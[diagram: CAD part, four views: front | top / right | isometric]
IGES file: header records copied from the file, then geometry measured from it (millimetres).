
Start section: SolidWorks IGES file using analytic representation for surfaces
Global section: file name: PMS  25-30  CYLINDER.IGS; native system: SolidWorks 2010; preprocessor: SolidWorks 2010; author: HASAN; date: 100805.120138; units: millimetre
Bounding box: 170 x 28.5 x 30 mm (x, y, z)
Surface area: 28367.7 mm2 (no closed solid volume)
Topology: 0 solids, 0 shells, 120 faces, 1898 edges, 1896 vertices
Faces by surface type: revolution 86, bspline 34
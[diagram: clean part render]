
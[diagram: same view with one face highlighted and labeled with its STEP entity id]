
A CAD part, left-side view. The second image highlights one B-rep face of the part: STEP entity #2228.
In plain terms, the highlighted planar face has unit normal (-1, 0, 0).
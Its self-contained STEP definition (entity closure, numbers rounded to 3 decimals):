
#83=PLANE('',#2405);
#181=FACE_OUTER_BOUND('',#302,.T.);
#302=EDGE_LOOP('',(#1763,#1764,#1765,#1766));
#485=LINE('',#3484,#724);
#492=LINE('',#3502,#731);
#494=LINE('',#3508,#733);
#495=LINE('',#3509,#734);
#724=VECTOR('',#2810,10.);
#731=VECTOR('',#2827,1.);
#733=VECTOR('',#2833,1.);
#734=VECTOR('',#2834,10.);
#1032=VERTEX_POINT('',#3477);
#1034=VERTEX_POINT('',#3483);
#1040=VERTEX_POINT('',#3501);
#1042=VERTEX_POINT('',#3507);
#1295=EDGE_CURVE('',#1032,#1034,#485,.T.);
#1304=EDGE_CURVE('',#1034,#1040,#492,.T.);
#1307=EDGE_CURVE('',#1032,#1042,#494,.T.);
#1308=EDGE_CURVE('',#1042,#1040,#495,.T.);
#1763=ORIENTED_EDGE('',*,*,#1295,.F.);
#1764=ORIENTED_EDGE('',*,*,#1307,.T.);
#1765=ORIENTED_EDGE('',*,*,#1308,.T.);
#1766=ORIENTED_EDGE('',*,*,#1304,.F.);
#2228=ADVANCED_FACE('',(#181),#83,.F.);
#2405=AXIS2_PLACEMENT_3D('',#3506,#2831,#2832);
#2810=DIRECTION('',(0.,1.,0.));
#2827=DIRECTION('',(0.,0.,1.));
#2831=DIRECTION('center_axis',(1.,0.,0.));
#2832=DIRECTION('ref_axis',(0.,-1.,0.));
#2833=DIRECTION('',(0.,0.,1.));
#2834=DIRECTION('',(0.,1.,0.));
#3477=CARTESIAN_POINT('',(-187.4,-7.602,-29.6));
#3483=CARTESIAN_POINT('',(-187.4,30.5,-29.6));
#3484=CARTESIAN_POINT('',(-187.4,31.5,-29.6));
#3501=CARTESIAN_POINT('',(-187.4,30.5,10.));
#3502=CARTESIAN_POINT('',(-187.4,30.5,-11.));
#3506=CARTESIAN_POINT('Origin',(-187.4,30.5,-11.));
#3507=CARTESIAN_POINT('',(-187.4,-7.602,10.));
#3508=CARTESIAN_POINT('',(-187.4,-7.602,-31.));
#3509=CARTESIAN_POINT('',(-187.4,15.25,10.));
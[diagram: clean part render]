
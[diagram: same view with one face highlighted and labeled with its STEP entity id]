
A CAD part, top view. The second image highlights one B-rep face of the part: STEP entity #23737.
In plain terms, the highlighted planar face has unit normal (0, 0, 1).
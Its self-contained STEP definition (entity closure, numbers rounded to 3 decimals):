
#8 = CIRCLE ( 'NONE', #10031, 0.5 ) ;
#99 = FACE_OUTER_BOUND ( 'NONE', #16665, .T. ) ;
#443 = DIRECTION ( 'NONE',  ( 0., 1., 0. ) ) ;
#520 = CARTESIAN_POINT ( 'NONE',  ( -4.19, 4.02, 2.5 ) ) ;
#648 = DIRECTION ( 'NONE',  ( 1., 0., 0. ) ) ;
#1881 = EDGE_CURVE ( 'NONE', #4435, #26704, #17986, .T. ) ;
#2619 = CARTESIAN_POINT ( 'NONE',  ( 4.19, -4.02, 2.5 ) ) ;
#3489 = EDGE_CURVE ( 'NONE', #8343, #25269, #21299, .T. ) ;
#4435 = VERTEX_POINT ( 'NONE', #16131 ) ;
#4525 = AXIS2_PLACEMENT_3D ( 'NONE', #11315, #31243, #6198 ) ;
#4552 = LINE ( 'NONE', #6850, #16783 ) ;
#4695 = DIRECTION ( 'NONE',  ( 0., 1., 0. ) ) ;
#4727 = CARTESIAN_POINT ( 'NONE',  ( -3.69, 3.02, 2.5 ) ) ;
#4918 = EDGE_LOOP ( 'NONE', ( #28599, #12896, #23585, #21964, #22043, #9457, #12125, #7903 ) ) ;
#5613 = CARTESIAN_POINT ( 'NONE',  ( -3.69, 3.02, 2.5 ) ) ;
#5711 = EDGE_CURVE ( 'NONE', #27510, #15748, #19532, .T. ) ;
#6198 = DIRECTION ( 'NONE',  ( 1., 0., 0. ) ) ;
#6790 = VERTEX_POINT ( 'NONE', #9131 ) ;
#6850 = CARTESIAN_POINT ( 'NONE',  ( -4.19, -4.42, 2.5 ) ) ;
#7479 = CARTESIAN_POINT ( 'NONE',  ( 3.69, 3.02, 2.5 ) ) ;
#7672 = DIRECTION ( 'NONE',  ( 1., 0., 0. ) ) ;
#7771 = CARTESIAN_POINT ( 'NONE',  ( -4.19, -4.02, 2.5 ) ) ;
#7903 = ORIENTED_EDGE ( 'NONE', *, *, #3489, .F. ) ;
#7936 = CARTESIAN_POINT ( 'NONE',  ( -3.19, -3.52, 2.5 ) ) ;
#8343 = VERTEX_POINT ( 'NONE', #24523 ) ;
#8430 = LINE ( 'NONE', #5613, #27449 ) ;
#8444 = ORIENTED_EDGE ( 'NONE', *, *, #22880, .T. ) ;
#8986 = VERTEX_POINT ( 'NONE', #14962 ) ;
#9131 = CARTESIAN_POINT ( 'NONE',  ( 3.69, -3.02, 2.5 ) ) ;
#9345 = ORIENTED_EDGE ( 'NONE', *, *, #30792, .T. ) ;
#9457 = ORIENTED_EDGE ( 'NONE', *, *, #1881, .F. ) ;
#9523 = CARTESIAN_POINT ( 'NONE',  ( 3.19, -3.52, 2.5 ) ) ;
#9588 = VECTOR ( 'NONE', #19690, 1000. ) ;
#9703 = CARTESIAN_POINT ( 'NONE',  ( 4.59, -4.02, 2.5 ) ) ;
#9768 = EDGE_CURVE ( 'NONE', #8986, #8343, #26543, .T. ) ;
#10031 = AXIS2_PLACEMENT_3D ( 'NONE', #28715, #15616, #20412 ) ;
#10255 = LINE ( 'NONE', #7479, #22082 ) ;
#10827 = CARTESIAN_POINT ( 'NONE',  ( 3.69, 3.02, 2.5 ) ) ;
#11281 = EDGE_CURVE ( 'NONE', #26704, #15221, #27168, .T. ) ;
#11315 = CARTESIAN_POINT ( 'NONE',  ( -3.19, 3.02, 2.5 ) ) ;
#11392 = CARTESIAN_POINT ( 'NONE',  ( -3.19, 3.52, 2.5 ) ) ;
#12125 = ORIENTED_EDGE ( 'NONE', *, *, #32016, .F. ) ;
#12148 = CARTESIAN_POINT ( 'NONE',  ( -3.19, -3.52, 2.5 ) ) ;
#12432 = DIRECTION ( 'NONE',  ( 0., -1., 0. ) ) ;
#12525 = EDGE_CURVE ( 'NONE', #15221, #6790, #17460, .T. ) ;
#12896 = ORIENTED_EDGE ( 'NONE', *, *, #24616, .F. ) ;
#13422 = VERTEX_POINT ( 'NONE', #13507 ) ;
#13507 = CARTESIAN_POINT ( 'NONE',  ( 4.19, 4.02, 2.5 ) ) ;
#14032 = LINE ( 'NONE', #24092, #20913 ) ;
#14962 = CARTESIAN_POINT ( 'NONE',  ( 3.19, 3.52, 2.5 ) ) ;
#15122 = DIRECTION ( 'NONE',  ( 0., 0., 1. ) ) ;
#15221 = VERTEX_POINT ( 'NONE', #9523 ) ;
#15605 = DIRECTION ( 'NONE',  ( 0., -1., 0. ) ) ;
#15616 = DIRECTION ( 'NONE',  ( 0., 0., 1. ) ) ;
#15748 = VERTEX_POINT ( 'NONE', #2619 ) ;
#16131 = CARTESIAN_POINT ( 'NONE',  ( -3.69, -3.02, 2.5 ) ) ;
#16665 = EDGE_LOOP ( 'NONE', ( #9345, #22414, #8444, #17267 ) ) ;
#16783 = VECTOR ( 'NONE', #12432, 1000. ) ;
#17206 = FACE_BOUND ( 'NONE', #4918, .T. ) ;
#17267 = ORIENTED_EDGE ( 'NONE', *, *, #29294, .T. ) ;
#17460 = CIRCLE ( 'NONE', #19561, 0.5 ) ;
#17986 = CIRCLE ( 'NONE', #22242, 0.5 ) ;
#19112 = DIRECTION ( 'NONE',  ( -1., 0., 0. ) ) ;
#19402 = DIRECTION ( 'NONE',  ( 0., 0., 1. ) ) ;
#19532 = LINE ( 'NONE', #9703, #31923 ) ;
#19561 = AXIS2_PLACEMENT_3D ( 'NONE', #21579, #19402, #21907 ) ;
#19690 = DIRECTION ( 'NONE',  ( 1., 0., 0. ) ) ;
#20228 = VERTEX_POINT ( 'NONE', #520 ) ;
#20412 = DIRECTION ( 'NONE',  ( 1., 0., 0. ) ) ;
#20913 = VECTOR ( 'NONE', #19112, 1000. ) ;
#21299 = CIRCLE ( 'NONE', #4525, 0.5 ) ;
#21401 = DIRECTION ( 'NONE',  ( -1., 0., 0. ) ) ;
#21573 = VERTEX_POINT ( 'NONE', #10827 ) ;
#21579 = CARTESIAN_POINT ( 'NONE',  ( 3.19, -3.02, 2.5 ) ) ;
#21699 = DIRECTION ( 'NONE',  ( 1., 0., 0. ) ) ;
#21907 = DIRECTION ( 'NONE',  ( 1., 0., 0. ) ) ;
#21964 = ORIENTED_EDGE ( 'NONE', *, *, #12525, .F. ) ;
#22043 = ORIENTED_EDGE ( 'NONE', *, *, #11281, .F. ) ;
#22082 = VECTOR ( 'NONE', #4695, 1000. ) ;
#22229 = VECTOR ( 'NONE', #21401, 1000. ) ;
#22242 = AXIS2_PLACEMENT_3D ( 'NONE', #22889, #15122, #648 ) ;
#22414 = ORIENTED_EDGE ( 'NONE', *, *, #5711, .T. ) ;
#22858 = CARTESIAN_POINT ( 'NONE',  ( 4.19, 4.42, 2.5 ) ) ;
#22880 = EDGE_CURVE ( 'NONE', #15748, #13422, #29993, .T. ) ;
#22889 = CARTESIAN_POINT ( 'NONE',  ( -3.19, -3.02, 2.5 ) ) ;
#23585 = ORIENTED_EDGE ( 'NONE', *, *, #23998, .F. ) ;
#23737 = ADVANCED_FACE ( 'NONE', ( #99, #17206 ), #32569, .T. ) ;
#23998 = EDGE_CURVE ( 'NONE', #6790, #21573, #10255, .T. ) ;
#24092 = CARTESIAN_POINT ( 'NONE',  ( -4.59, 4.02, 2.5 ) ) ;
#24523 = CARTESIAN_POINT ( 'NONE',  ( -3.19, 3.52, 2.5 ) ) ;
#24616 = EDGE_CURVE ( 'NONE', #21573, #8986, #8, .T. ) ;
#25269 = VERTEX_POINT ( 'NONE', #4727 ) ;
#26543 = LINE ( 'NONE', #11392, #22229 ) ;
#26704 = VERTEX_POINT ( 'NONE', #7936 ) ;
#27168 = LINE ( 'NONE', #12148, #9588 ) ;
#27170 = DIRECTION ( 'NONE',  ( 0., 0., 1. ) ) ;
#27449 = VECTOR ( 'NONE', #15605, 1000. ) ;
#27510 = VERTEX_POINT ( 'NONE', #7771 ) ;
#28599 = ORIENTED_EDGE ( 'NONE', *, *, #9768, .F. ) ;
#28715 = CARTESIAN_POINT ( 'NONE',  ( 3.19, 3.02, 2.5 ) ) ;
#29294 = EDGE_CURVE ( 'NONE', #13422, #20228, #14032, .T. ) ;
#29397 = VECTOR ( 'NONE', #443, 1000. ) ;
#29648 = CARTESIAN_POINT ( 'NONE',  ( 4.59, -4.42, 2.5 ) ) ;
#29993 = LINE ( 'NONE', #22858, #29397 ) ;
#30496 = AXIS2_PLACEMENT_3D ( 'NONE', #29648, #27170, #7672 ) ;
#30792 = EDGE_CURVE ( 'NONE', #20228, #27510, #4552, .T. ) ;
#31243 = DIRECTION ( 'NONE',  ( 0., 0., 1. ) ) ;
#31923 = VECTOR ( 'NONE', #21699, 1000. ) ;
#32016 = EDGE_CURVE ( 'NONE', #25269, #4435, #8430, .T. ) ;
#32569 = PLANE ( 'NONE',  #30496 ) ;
____________________
■ **PROBLEM DETAILS**: From the records above, transcribe without alteration every line from the one with "#21699 = DIRECTION" to the one with "#23737 = ADVANCED_FACE", inclusive.

■ **YOUR RESPONSE**:
#21699 = DIRECTION ( 'NONE',  ( 1., 0., 0. ) ) ;
#21907 = DIRECTION ( 'NONE',  ( 1., 0., 0. ) ) ;
#21964 = ORIENTED_EDGE ( 'NONE', *, *, #12525, .F. ) ;
#22043 = ORIENTED_EDGE ( 'NONE', *, *, #11281, .F. ) ;
#22082 = VECTOR ( 'NONE', #4695, 1000. ) ;
#22229 = VECTOR ( 'NONE', #21401, 1000. ) ;
#22242 = AXIS2_PLACEMENT_3D ( 'NONE', #22889, #15122, #648 ) ;
#22414 = ORIENTED_EDGE ( 'NONE', *, *, #5711, .T. ) ;
#22858 = CARTESIAN_POINT ( 'NONE',  ( 4.19, 4.42, 2.5 ) ) ;
#22880 = EDGE_CURVE ( 'NONE', #15748, #13422, #29993, .T. ) ;
#22889 = CARTESIAN_POINT ( 'NONE',  ( -3.19, -3.02, 2.5 ) ) ;
#23585 = ORIENTED_EDGE ( 'NONE', *, *, #23998, .F. ) ;
#23737 = ADVANCED_FACE ( 'NONE', ( #99, #17206 ), #32569, .T. ) ;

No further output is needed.